## Exercise requirements
Return the following from the records below: each line, word for word, starting with the line that contains "Medium: Etching and engraving on laid paper" and going on through the line that contains "Cardiomegaly: negative", with nothing outside that range.

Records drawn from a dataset
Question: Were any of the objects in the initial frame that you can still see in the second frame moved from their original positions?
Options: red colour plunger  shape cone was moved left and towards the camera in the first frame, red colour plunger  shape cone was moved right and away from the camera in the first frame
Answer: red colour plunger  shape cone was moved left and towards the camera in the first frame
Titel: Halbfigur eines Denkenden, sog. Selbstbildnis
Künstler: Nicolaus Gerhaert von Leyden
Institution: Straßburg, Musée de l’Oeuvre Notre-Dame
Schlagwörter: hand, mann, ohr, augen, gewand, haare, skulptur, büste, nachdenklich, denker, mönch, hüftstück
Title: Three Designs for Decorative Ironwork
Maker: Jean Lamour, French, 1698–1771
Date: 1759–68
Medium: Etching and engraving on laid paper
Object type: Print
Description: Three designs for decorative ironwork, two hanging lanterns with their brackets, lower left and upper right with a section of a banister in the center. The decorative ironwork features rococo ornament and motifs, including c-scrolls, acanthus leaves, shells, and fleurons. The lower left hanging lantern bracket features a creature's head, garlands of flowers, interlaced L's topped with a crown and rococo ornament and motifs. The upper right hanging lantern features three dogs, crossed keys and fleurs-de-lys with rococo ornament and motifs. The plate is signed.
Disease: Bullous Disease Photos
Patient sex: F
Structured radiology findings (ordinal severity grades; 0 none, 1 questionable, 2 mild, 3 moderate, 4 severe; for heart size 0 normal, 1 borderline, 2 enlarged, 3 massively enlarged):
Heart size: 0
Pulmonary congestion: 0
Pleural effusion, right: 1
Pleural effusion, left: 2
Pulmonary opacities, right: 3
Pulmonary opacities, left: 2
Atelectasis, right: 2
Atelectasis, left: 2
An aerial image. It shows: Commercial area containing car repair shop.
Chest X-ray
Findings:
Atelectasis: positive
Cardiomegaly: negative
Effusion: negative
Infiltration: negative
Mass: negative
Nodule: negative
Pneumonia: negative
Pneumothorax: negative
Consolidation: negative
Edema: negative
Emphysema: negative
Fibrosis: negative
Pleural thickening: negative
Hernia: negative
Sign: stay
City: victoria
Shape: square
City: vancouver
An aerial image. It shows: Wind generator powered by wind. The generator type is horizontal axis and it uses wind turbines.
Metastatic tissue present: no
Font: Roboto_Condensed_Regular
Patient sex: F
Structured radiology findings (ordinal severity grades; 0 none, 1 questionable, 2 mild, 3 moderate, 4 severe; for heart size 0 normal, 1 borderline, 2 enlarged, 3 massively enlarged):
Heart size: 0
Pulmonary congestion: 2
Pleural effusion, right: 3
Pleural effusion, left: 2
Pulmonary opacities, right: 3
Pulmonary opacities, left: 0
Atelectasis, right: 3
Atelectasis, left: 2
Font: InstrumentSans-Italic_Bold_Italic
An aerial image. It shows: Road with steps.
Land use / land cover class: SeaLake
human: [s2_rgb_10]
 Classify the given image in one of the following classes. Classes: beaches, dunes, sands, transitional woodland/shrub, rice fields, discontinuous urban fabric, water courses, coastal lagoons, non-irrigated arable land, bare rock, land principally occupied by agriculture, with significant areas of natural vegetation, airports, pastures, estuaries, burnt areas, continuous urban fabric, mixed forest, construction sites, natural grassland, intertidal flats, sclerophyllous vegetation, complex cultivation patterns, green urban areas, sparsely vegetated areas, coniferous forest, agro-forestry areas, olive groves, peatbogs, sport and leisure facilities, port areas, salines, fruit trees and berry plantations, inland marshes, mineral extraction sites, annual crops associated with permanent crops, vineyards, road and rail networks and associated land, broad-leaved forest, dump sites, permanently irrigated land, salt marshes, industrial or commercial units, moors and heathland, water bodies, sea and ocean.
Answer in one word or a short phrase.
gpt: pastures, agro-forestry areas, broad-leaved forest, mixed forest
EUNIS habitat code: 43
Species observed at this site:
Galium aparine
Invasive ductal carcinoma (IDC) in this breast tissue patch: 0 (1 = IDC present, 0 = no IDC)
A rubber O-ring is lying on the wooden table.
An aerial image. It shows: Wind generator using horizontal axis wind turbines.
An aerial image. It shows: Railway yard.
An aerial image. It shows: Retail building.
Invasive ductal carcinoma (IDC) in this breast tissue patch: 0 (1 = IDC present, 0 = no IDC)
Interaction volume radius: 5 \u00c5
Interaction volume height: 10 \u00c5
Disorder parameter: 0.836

## Answer
Medium: Etching and engraving on laid paper
Object type: Print
Description: Three designs for decorative ironwork, two hanging lanterns with their brackets, lower left and upper right with a section of a banister in the center. The decorative ironwork features rococo ornament and motifs, including c-scrolls, acanthus leaves, shells, and fleurons. The lower left hanging lantern bracket features a creature's head, garlands of flowers, interlaced L's topped with a crown and rococo ornament and motifs. The upper right hanging lantern features three dogs, crossed keys and fleurs-de-lys with rococo ornament and motifs. The plate is signed.
Disease: Bullous Disease Photos
Patient sex: F
Structured radiology findings (ordinal severity grades; 0 none, 1 questionable, 2 mild, 3 moderate, 4 severe; for heart size 0 normal, 1 borderline, 2 enlarged, 3 massively enlarged):
Heart size: 0
Pulmonary congestion: 0
Pleural effusion, right: 1
Pleural effusion, left: 2
Pulmonary opacities, right: 3
Pulmonary opacities, left: 2
Atelectasis, right: 2
Atelectasis, left: 2
An aerial image. It shows: Commercial area containing car repair shop.
Chest X-ray
Findings:
Atelectasis: positive
Cardiomegaly: negative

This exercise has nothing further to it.